### WHAT THE TASK ASKS
Restate every record word for word, without the pictures.

Items from a data source:
»»

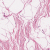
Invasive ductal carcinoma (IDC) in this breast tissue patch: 0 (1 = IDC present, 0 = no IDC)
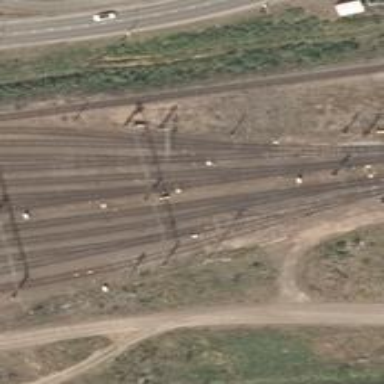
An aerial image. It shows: Rail yard with electrified contact lines for the trains.
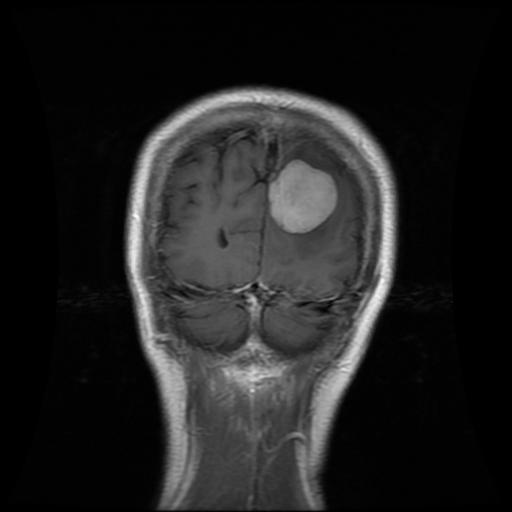
Label: meningioma
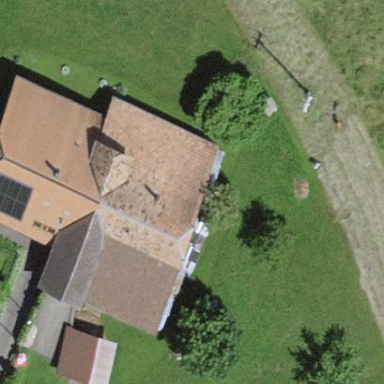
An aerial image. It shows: Farm building.
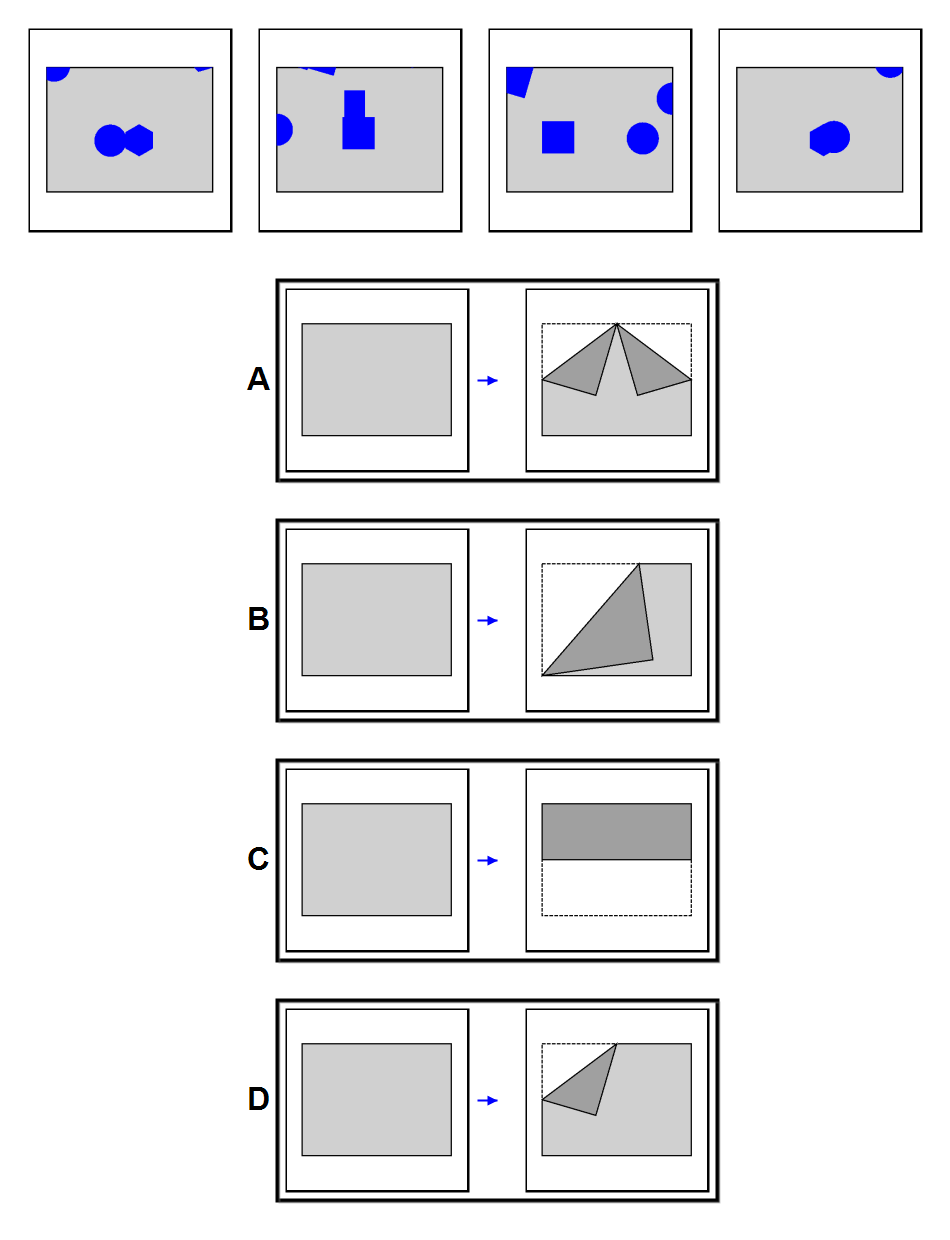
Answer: A
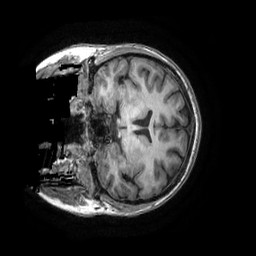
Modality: T1w
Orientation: coronal
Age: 25
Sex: female
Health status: healthy
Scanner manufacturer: ge
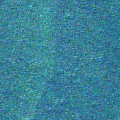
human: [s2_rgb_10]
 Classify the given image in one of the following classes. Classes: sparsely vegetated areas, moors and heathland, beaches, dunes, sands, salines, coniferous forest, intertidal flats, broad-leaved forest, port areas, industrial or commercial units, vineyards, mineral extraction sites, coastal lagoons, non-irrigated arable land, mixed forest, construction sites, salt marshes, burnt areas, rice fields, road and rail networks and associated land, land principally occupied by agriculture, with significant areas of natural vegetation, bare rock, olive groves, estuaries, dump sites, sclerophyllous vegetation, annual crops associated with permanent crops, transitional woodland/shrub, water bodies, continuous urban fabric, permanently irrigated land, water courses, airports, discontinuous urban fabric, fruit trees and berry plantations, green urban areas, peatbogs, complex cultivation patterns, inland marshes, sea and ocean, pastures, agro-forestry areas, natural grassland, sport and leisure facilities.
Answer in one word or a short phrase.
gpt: sea and ocean

««

### EXERCISE SOLUTION
Invasive ductal carcinoma (IDC) in this breast tissue patch: 0 (1 = IDC present, 0 = no IDC)
An aerial image. It shows: Rail yard with electrified contact lines for the trains.
Label: meningioma
An aerial image. It shows: Farm building.
Answer: A
Modality: T1w
Orientation: coronal
Age: 25
Sex: female
Health status: healthy
Scanner manufacturer: ge
human: [s2_rgb_10]
 Classify the given image in one of the following classes. Classes: sparsely vegetated areas, moors and heathland, beaches, dunes, sands, salines, coniferous forest, intertidal flats, broad-leaved forest, port areas, industrial or commercial units, vineyards, mineral extraction sites, coastal lagoons, non-irrigated arable land, mixed forest, construction sites, salt marshes, burnt areas, rice fields, road and rail networks and associated land, land principally occupied by agriculture, with significant areas of natural vegetation, bare rock, olive groves, estuaries, dump sites, sclerophyllous vegetation, annual crops associated with permanent crops, transitional woodland/shrub, water bodies, continuous urban fabric, permanently irrigated land, water courses, airports, discontinuous urban fabric, fruit trees and berry plantations, green urban areas, peatbogs, complex cultivation patterns, inland marshes, sea and ocean, pastures, agro-forestry areas, natural grassland, sport and leisure facilities.
Answer in one word or a short phrase.
gpt: sea and ocean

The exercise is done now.